Now, instead of diapers and wipes, I have to be able to fit a camera and a computer, because when you travel you are only allowed one carry-on. My camera bag only sits at home on the shelf holding my gear now.
I also used to buy little boy t-shirts because I used to be smaller and they were WAY cheaper. Then I realized women’s clothing is designed to fit women, especially women who gained weight and bulk after having multiple children.
Andi says
I had a friend nominate me for “What Not to Wear.”
Seriously.
So, perhaps my nothing. to. wear. beats yours?
Momma Mindy says
C’mon, I bet you have a closet full of adorable SCRUBS!
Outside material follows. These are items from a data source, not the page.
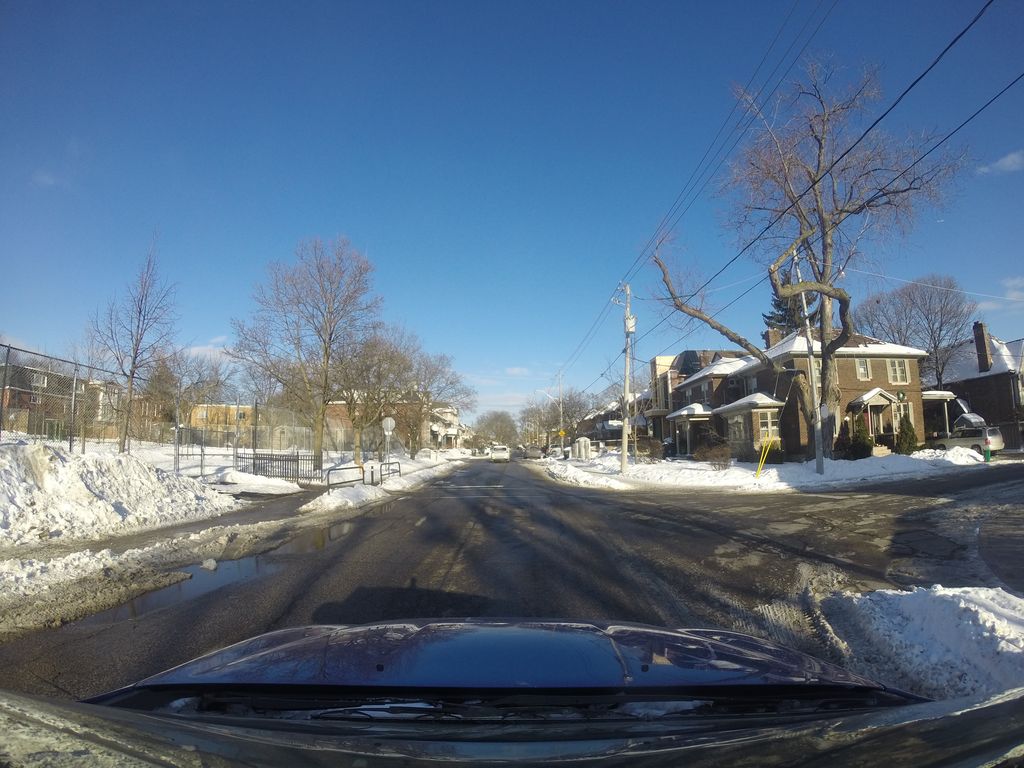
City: toronto
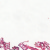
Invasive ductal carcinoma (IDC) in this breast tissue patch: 0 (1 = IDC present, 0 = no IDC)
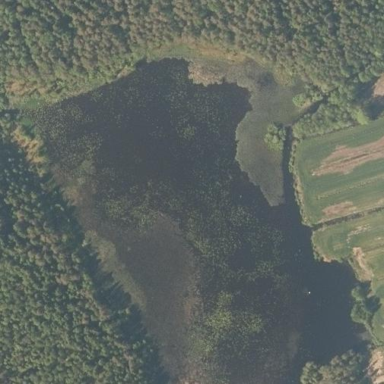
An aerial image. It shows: Pond with natural water.
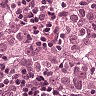
Metastatic tissue present: yes
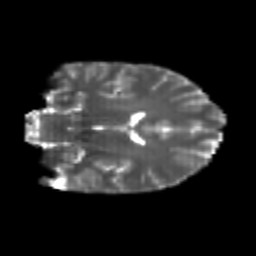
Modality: T2w
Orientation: coronal
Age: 22
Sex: female
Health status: healthy
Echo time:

Why do we do this to ourselves? There’s no rule that says Moms Who Buy Clothing For Children Cannot Buy Clothing For Themselves…it just happens that way.
Kathleen Freeman says
It’s the guilt. Moms Must feel guilty– even about feeling guilty. My relatives used to giggle and look at me with embarrassment when someone mentioned make-overs around me. I’ve figured out a way to make the guilt go away and fatten up the closet. Ask me some time. ; )
Momma Mindy says
Why don’t you guest blog? Most Moms I know have admitted their closets are suffering from malnourishment. You have a secret you are wanting to share…
Dana Kolste says
You have dolls that have awesome wardrobes; I claim that my daughters have better wardrobes. (BTW, writer-lady, was that the proper use of a semi-colon? They intimidate me….). Garage sales just don’t have the same selection for adults (or boys) that they have for little girls. I think the bag is pretty awesome.
Momma Mindy says
It is SO much easier to dress little girls, I agree! Life just feels right when you have the right purse and lipstick, doesn’t it?
Semi-colons? They intimidate me, too. I change my sentence around so I don’t have to use them, but you used it correctly, two sentences that are complete thoughts, but ya’ wanna’ join them together?
Oh – and for casual writing ~ such as a blog~ I use other thingamajiggybobberwinkers!